On Nov 17, 2010, at 6:09 PM, Mark Watson wrote:

> What is more important than the specific syntax (JSON, XML, M3U8 etc.) is the data model or abstract syntax. Once you have that you can map pretty easily to any specific syntax. It would be good to discuss what is needed at that level first.
> 
> Roughly, something like the following:
> - some notion of <track> which is composed of one or more <stream>s (the specific terms can be changed).
> - A <track> is a single media type or interleaved combination of multiple types. The <stream>s it contains are different encodings of the exact same source media (so different audio languages are different <tracks>). If the <track> contains multiple media types every <stream> has all those media types interleaved i.e. all <stream>s contained interleaved media or no <stream>s contain interleaved media within a <track>. In the second case all the <stream>s in the track contain the same single media type.

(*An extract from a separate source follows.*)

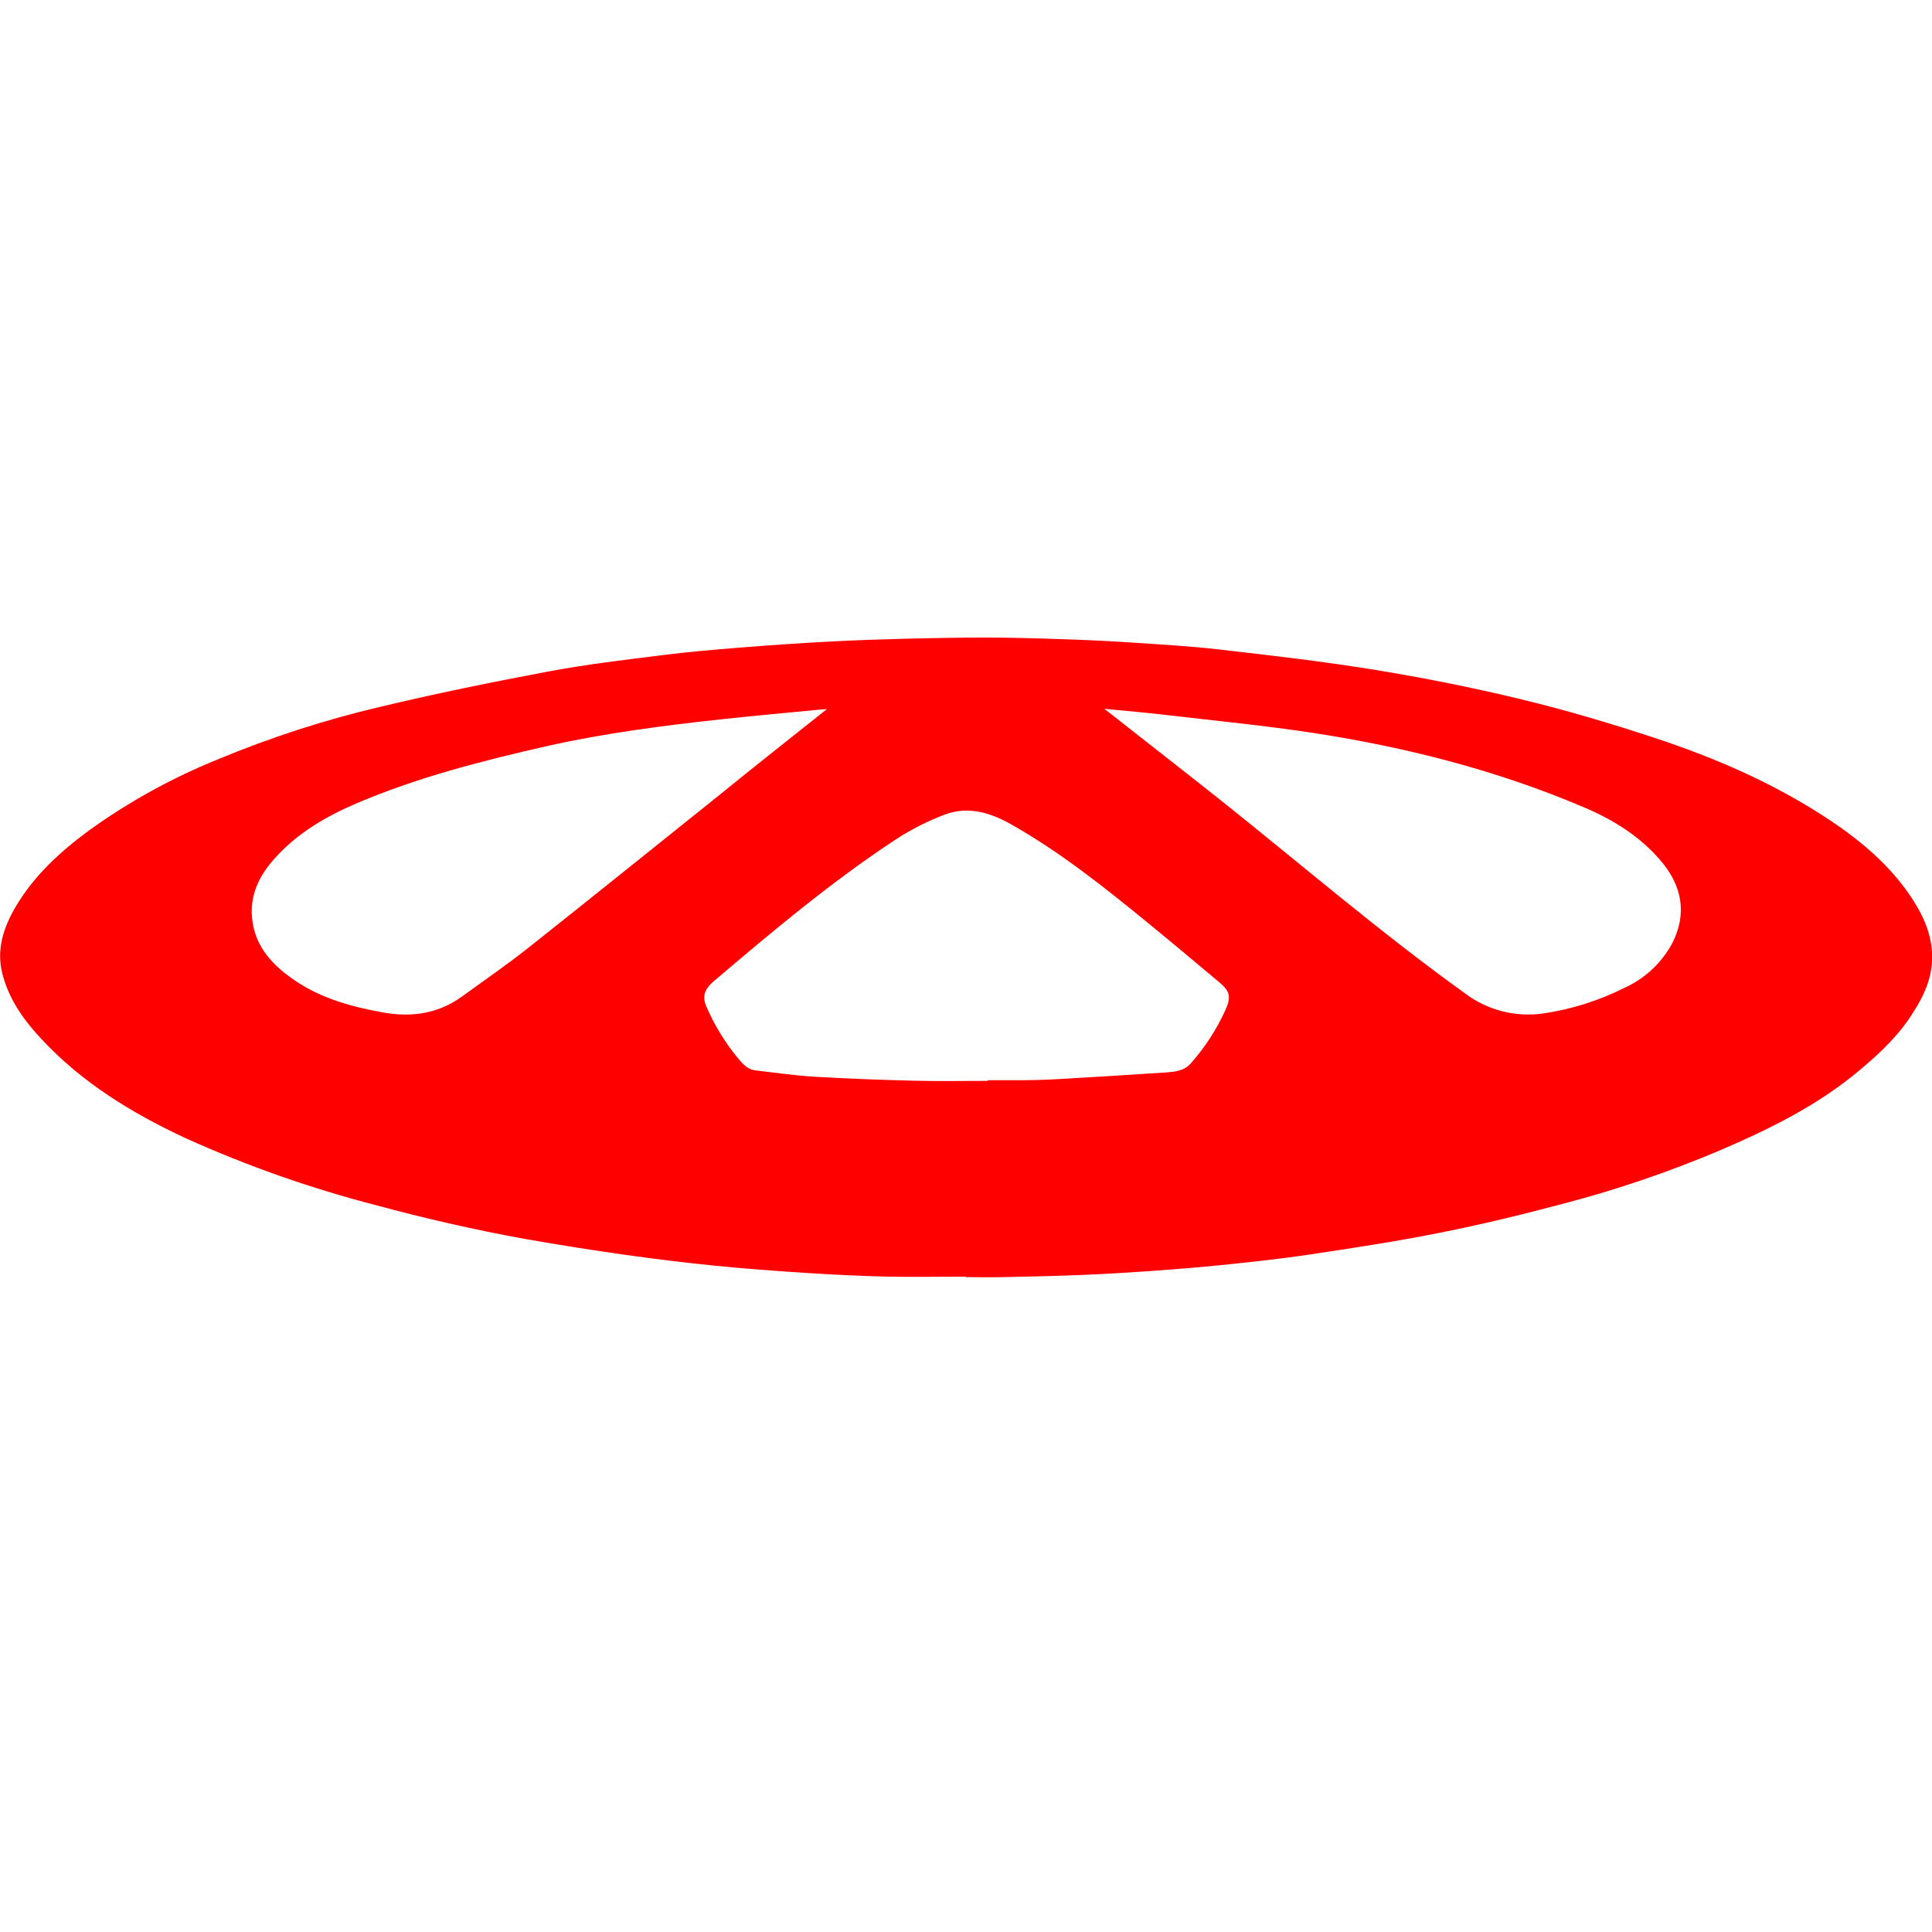 <svg width="100" height="100" viewBox="0 0 100 100" fill="none" xmlns="http://www.w3.org/2000/svg">
<path d="M50.002 66.078C48.634 66.078 47.266 66.104 45.901 66.078C44.498 66.044 43.097 65.975 41.698 65.885C40.14 65.784 38.581 65.67 37.027 65.515C35.474 65.359 33.925 65.169 32.371 64.951C30.648 64.708 28.93 64.436 27.218 64.135C25.881 63.897 24.552 63.62 23.227 63.319C21.974 63.037 20.728 62.722 19.489 62.388C16.088 61.511 12.768 60.342 9.568 58.894C6.811 57.605 4.245 56.037 2.154 53.789C1.231 52.81 0.45 51.715 0.116 50.373C-0.196 49.118 0.193 47.986 0.816 46.924C1.77 45.311 3.121 44.079 4.606 42.984C6.665 41.502 8.893 40.272 11.243 39.318C13.982 38.175 16.81 37.259 19.7 36.58C22.592 35.89 25.509 35.296 28.433 34.747C30.356 34.387 32.306 34.158 34.252 33.914C35.609 33.742 36.977 33.625 38.342 33.516C39.889 33.391 41.437 33.288 42.987 33.205C44.314 33.134 45.646 33.091 46.975 33.057C48.305 33.024 49.665 33 51.009 33C52.286 33 53.563 33.036 54.84 33.079C56.033 33.117 57.226 33.169 58.42 33.248C60 33.353 61.584 33.441 63.157 33.623C65.831 33.931 68.506 34.239 71.163 34.671C73.695 35.086 76.22 35.585 78.714 36.191C81.049 36.754 83.359 37.439 85.636 38.191C88.822 39.241 91.894 40.578 94.705 42.447C96.4 43.578 97.939 44.886 99.047 46.631C99.641 47.569 100.052 48.576 100.002 49.712C99.963 50.691 99.572 51.555 99.047 52.368C98.341 53.526 97.343 54.481 96.3 55.354C94.123 57.199 91.603 58.438 89.004 59.55C86.403 60.651 83.726 61.564 80.994 62.281C78.865 62.849 76.719 63.371 74.549 63.803C72.289 64.254 70.014 64.601 67.728 64.942C66.215 65.169 64.692 65.326 63.169 65.484C61.938 65.61 60.704 65.706 59.47 65.794C58.312 65.875 57.155 65.944 55.995 65.992C54.63 66.047 53.264 66.076 51.899 66.104C51.264 66.118 50.629 66.104 49.99 66.104L50.002 66.078ZM51.131 55.946V55.913C51.637 55.913 52.143 55.913 52.648 55.913C53.35 55.913 54.054 55.896 54.756 55.855C56.62 55.751 58.484 55.631 60.346 55.509C60.823 55.478 61.3 55.428 61.642 55.032C62.37 54.211 62.971 53.285 63.425 52.285C63.728 51.619 63.675 51.316 63.122 50.853C61.904 49.831 60.69 48.81 59.46 47.805C57.2 45.958 54.925 44.137 52.376 42.69C51.295 42.074 50.14 41.707 48.93 42.153C48.02 42.492 47.152 42.933 46.34 43.466C43.016 45.654 39.972 48.215 36.944 50.788C36.426 51.228 36.34 51.621 36.579 52.142C36.978 53.054 37.497 53.909 38.123 54.684C38.388 54.999 38.636 55.338 39.078 55.4C40.104 55.519 41.128 55.669 42.156 55.731C43.865 55.834 45.579 55.894 47.293 55.937C48.579 55.972 49.854 55.946 51.131 55.946ZM42.801 36.702L42.419 36.73C40.748 36.895 39.078 37.043 37.39 37.224C34.356 37.556 31.33 37.941 28.347 38.609C25.005 39.368 21.68 40.213 18.511 41.556C16.897 42.242 15.394 43.11 14.215 44.435C13.41 45.33 12.909 46.344 13.055 47.597C13.224 49.065 14.172 50.015 15.298 50.774C16.652 51.686 18.21 52.113 19.809 52.402C21.303 52.672 22.69 52.474 23.938 51.562C25.079 50.731 26.244 49.932 27.349 49.056C30.645 46.445 33.915 43.805 37.199 41.179C39.039 39.683 40.891 38.222 42.801 36.702ZM57.157 36.688L57.379 36.859C59.336 38.399 61.303 39.926 63.251 41.475C67.42 44.8 71.468 48.282 75.805 51.399C76.38 51.837 77.036 52.157 77.736 52.338C78.435 52.52 79.164 52.56 79.879 52.457C81.335 52.242 82.748 51.797 84.065 51.139C85.129 50.661 86.004 49.846 86.557 48.819C87.342 47.275 87.056 45.815 85.936 44.523C84.853 43.265 83.471 42.413 81.967 41.779C77.49 39.874 72.802 38.681 68.029 37.945C65.47 37.554 62.89 37.303 60.317 37.003C59.284 36.881 58.257 36.795 57.157 36.688Z" fill="#FF0000"/>
</svg>

> - a way to annotate both <track>s and <stream>s with their properties for selection purposes: file format, media type(s), codecs/profiles, language, video resolution, pixel aspect ratio, frame rate, bandwidth, accessibility type (e.g. audio description of video, sign language) or other track type info (e.g. directors commentary) (Maybe this is too many, but annotations like this are cheap - clients just ignore tracks with annotations they do not understand). If all the <stream>s in a track have the same value for an annotation then you can annotate the <track> otherwise annotate the <stream> (that is just an optimization).
> - access information for each <stream>. EITHER
> 	(i) a URL for a single file containing the whole stream, including stream headers and an index, OR
> 	(ii) a URL for the stream headers and a list of URLs for the chunks and timing information for the chunks (could be constant chunk size)
> By stream headers I mean initialization information that applies to the whole stream.
> 
> Some additional details:
> - we've discussed various ways that chunks (however obtained) are aligned/can be concatenated or not. Additional <track> annotations are needed (IMO) to tell the player what properties the streams have in terms of chunk alignment, RAP positions etc. (Compatibility in terms of codecs etc. should be clear from the annotations)
> - you might want to use templates instead of long URL lists (as per another mail thread). If you do use long URL lists, you might want to be to store them in a separate files ("submanifests").
> - wherever a URL appears, it's useful (and for our service essential) to be able to provide a list of alternative URLs (in the same way DNS provides a list of alternative IP addresses). We use this for redundancy across CDNs.
> - how you find the headers and index in case (i) and their format may be file format dependent.
> - if the group wants to choose a single option between (i) and (ii) then I would obviously recommend (i). But you might want to include both options.
> - content protection is a whole big topic which may not be of so much concern to this group. But the manifest aspects can be handled easily with additional annotations.
> 
> If there is support for this kind of "data model" approach, then I'd be happy to write up a more detailed proposal based on whatever discussion is triggered by the above.
> 
> ...Mark